Wednesday, February 27, 2008

Just how bad is the situation with local banks?

Well bad enough that the FDIC is adding jobs to prepare for the upcoming crisis. The FDIC is bringing back 25 hired veterans to deal with the situation and hiring additional full time & contract staff. Some are describing the upcoming problem as a calamity that will exceed the scope of the S&L crisis during the late 1980s.

‘Regulators are bracing for well over 100 bank failures in the next 12 to 24 months, with concentrations in Rust Belt states like Michigan and Ohio, and the states that are suffering severe housing-market problems like California, Florida, and Georgia," said Jaret Seiberg, Washington policy analyst for financial-services firm Stanford Group.’

An earlier HingeFire article touched on the subject of shorting local banks. When agencies are gearing up to deal with a developing crisis; this advice appears to be even more pertinent.

An evaluation shows that the bulk of financial weak banks that are publicly-held are located in California. Despite the large population of the state, the ratio of troubled banks within California still stands out as a warning sign for depositors. Other states with significant housing problems such as Florida, Arizona, Ohio and Nevada appear to have much smaller financial exposure in the banking sector relative to the size of their state populations.

The publicly-traded troubled institutions in California with safety ratings of “D” or below include:
  • Friendly Hills Bank (FHLB.OB)
  • Fresno First Bank (FSNF.OB)
  • Folsom Lake Bank (FOLB.OB)
  • Fremont General Corporation (FMT)
  • Focus Business Bank (FCSB.OB)
  • Discovery Bancorp (DVBC.OB)
  • Desert Commercial Bank (DCBC.OB)
  • Coronado First Bank (CDFB.OB)
  • Cornerstone Commercial Bank (CRSB.OB)
  • Commerce Bank Folsom (CBFM.OB)
  • Bank of Santa Clarita (BSCA.OB)
  • Charter Oak Bank (CHOB.OB)
  • Bank of Napa (BNNP.OB)
  • Atlantic Pacific Bank (APFB.OB)
  • Americas United Bank (AUNB.OB)

Florida and Arizona merely have three or less publicly held local banks each with low financial strength ratings. In Florida, the Marco Community Bank (MCBN.OB) and Old Harbor Bank (OHBK.OB) make the list. Likewise in Arizona, the Gold Canyon Bank (GCYO.OB) is an example of an institution with a low financial strength rating.

California stands as an example of the state with an oversized list of publicly traded local banks which have low financial strength rates. This concentration of questionable institutions in a single state, where a large amount of lending has been provided to real estate developers, likely means that a good number of these banks will face liquidity troubles over the coming year as these commercial loans go sour.

Most of these banks are thinly traded on the OTC and putting on a short position may be difficult to implement without excessive slippage in the transaction.

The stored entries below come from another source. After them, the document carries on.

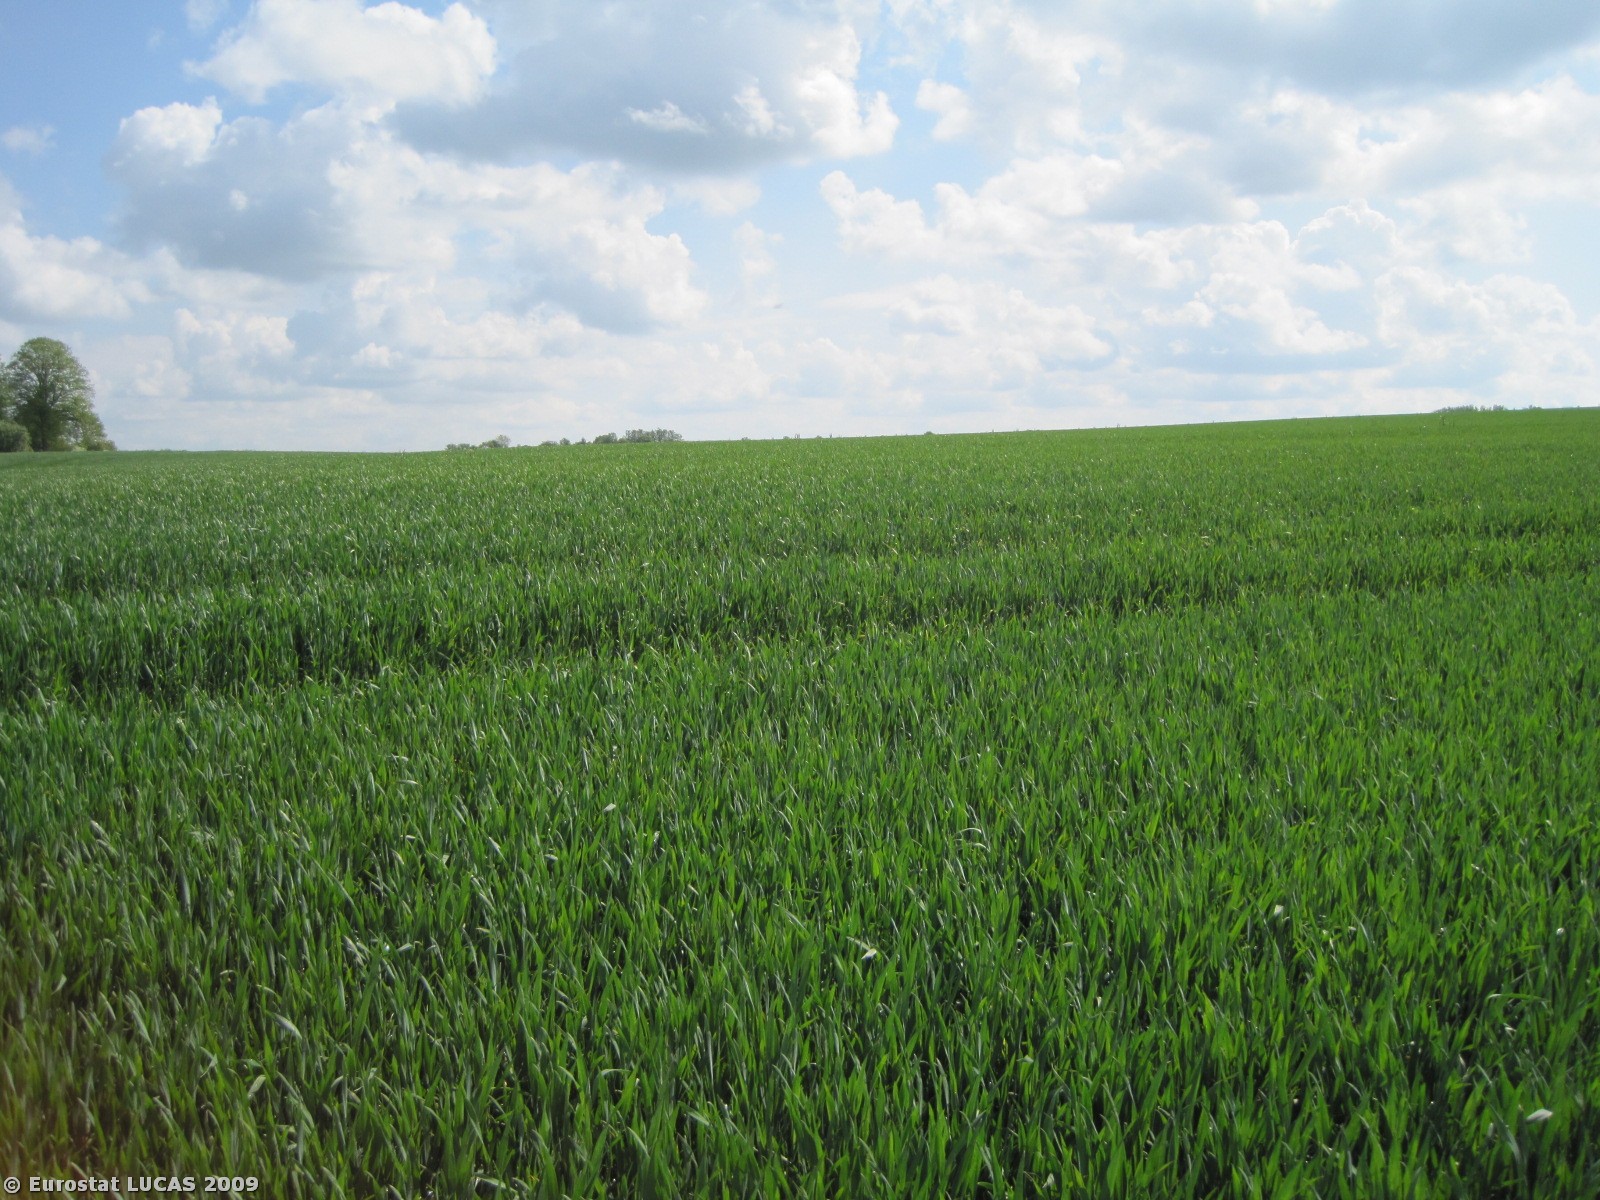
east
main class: Cropland
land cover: Common wheat
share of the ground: > 75 %
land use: Agriculture (excluding fallow land and kitchen gardens)
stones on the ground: < 10 %
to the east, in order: Common wheat
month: May
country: DK
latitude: 56.3133
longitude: 9.7255
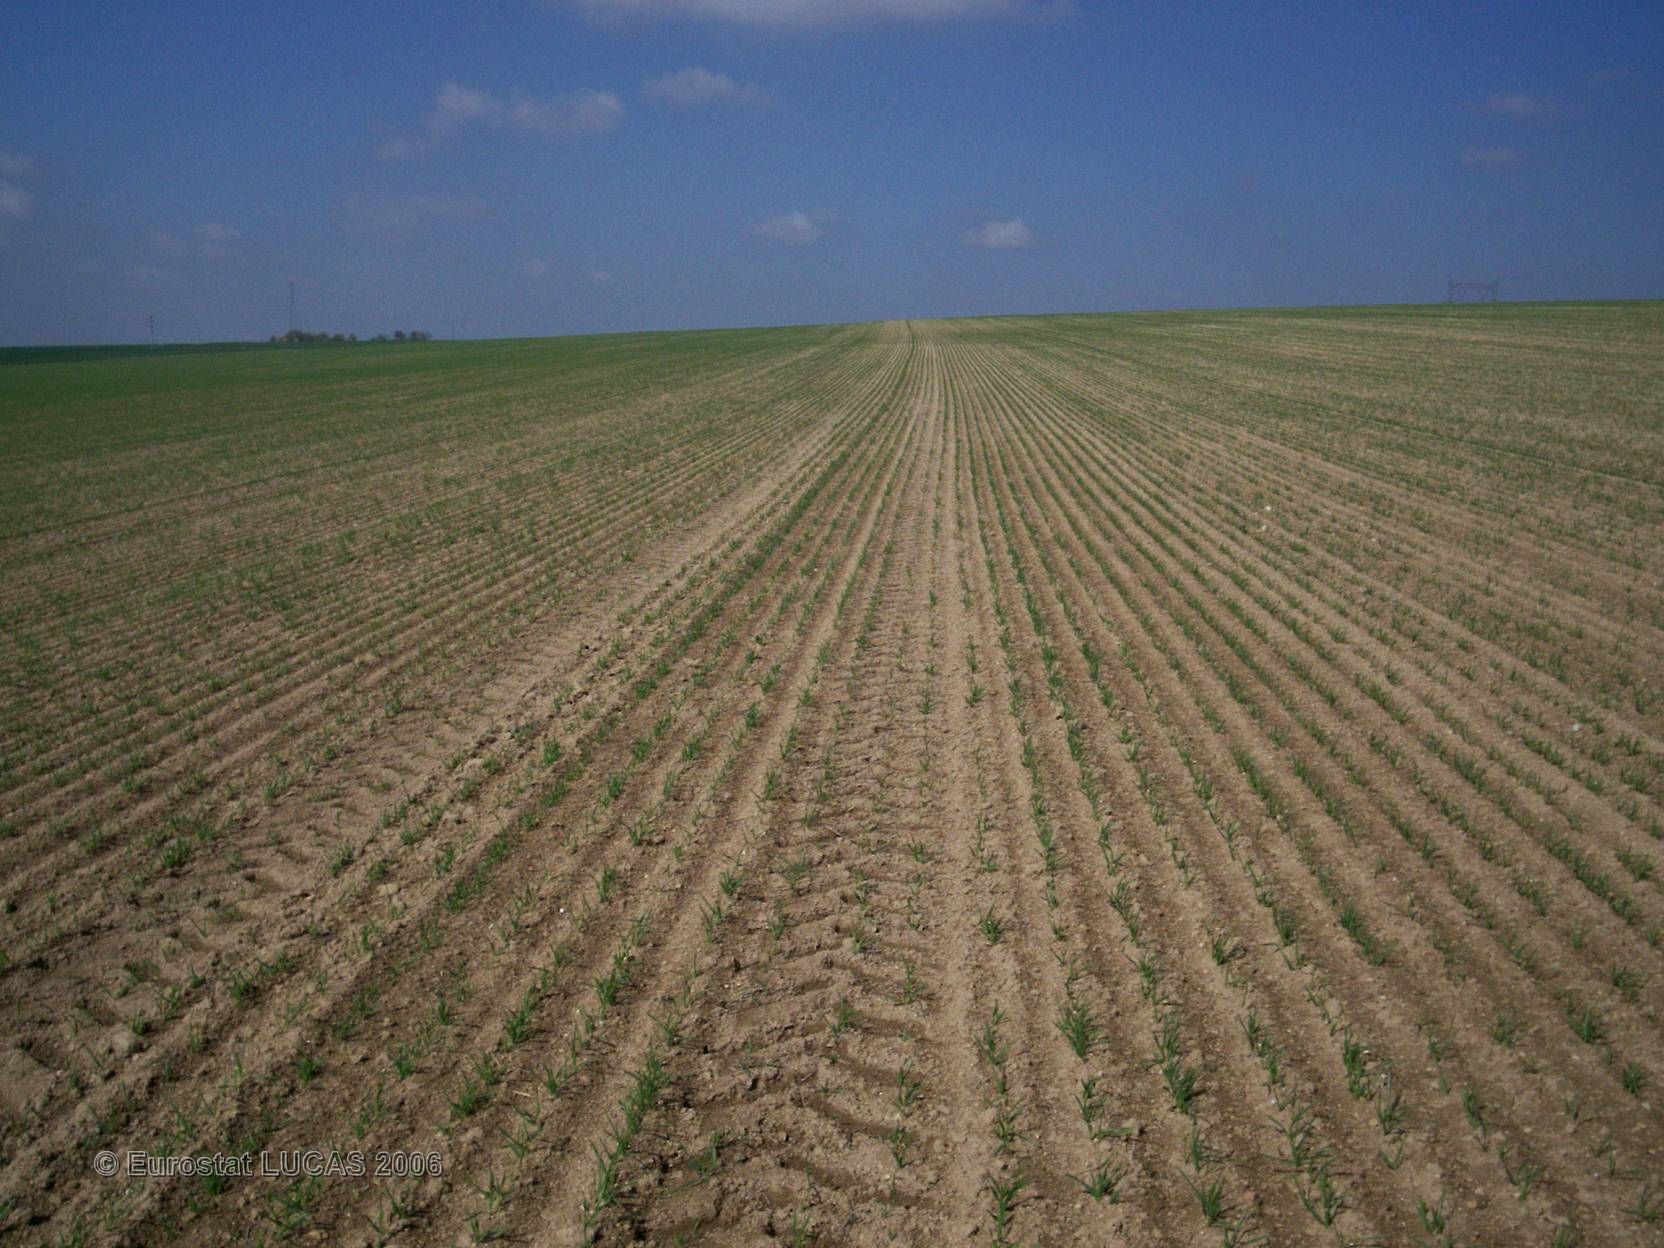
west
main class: Cropland
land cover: Barley
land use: Agriculture (excluding fallow land and kitchen gardens)
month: April
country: FR
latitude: 48.5198
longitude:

The other difficulty is that the majority of these banks have already dropped significantly in price over the past year, in many cases leaving little possible further profit for short-sellers. The most liquid stock, Fremont General (FMT) has already dropped from over $13 to near $2; this bank holding company is already buried in debt downgrades, regulatory troubles, and non-performing sub-prime loans.

Will all of these banks fail – probably not. However in the current economic and credit crimped environment, the risk is leaning in that direction. In California’s Silicon Valley stock option rich environment, executives like to talk about how they “think outside the box”. Looking at the list of financially weak “at risk” institutions in the state, you have to wonder if the entire banking system within California “thinks outside the box”.

California has already been properly depicted as “ground zero” for the subprime crisis. The state was home to dozens of subprime mortgage lenders that imploded; many which appeared to have lax oversight from the state in their greed-driven business. Should there be any expectation that the banks are in any better shape?

At minimum the list above should serve as a warning to depositors that have money at any of these institutions. As outlined in Bank Safety matters more now than ever, paying attention to the financial rating of the institution where you do your standard banking is more important now than any other time in the past years.